RetroDiff: Retrosynthesis as Multi-stage Distribution Interpolation

Yiming Wang,Yuxuan Song,Minkai Xu,Rui Wang,Hao Zhou,Weiying Ma
2023-11-24
Abstract:Retrosynthesis poses a fundamental challenge in biopharmaceuticals, aiming to aid chemists in finding appropriate reactant molecules and synthetic pathways given determined product molecules. With the reactant and product represented as 2D graphs, retrosynthesis constitutes a conditional graph-to-graph generative task. Inspired by the recent advancements in discrete diffusion models for graph generation, we introduce Retrosynthesis Diffusion (RetroDiff), a novel diffusion-based method designed to address this problem. However, integrating a diffusion-based graph-to-graph framework while retaining essential chemical reaction template information presents a notable challenge. Our key innovation is to develop a multi-stage diffusion process. In this method, we decompose the retrosynthesis procedure to first sample external groups from the dummy distribution given products and then generate the external bonds to connect the products and generated groups. Interestingly, such a generation process is exactly the reverse of the widely adapted semi-template retrosynthesis procedure, i.e. from reaction center identification to synthon completion, which significantly reduces the error accumulation. Experimental results on the benchmark have demonstrated the superiority of our method over all other semi-template methods.

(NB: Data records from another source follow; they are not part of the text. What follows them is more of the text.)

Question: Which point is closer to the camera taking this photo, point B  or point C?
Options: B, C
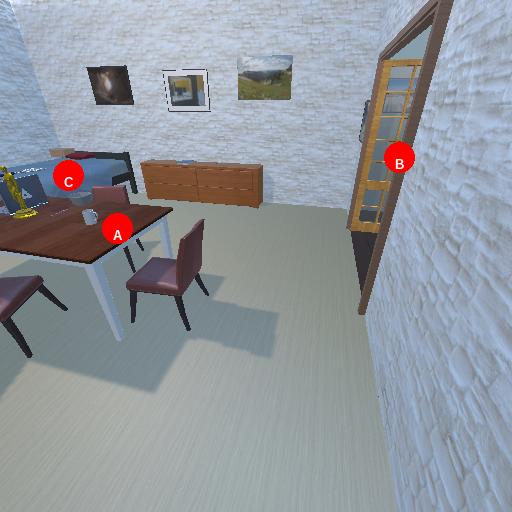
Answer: B
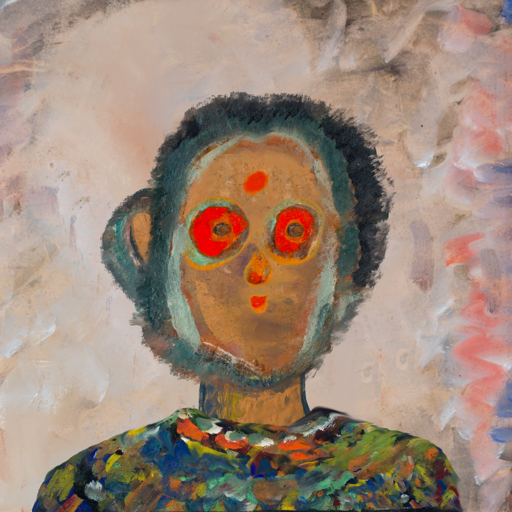
Background: Roy_Bahadur, Head And Neck Front: In_The_Sun, Face Front: Sisters, Bust: An_Impression, Hair Front: Boggyland, Head Accessory: Blank, Second Necklace: Blank, Necklace: Blank, Baby: Blank
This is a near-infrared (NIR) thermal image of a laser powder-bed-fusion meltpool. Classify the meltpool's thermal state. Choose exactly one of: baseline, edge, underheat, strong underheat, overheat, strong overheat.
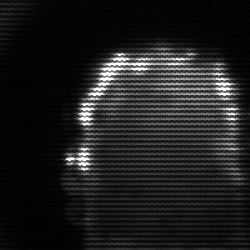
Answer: baseline

Machine Learning,Quantitative Methods
What problem does this paper attempt to address?
The paper aims to address the problem of retrosynthesis in the field of organic synthesis, with the specific goal of assisting chemists in finding suitable reactant molecules and synthesis pathways for a given target product molecule. Retrosynthesis is considered a fundamental challenge in the biopharmaceutical field. To tackle this challenge, the paper proposes a novel method called the Retrosynthesis Diffusion Model (RetroDiff), which is a conditional graph-to-graph generation model based on the diffusion process. Traditional methods are often categorized into three types: template-based, template-free, and semi-template-based. RetroDiff is a new variant of the semi-template-based approach. The key innovation of RetroDiff lies in the design of a multi-stage diffusion process, where the retrosynthesis process is decomposed into two parts: first, sampling external groups from the product molecule, and then generating external bonds that connect the product to these external groups. This method reverses the traditional semi-template retrosynthesis process (from reaction center identification to synthesis fragment completion), thereby significantly reducing error accumulation. Experimental results show that on the USPTO-50k dataset, RetroDiff outperforms all other semi-template methods in benchmark tests and significantly improves the accuracy of reaction center prediction, thanks to the acquisition of chemical information about external groups. In summary, the goal of this paper is to develop a more efficient semi-template retrosynthesis method by introducing the RetroDiff model to achieve this objective.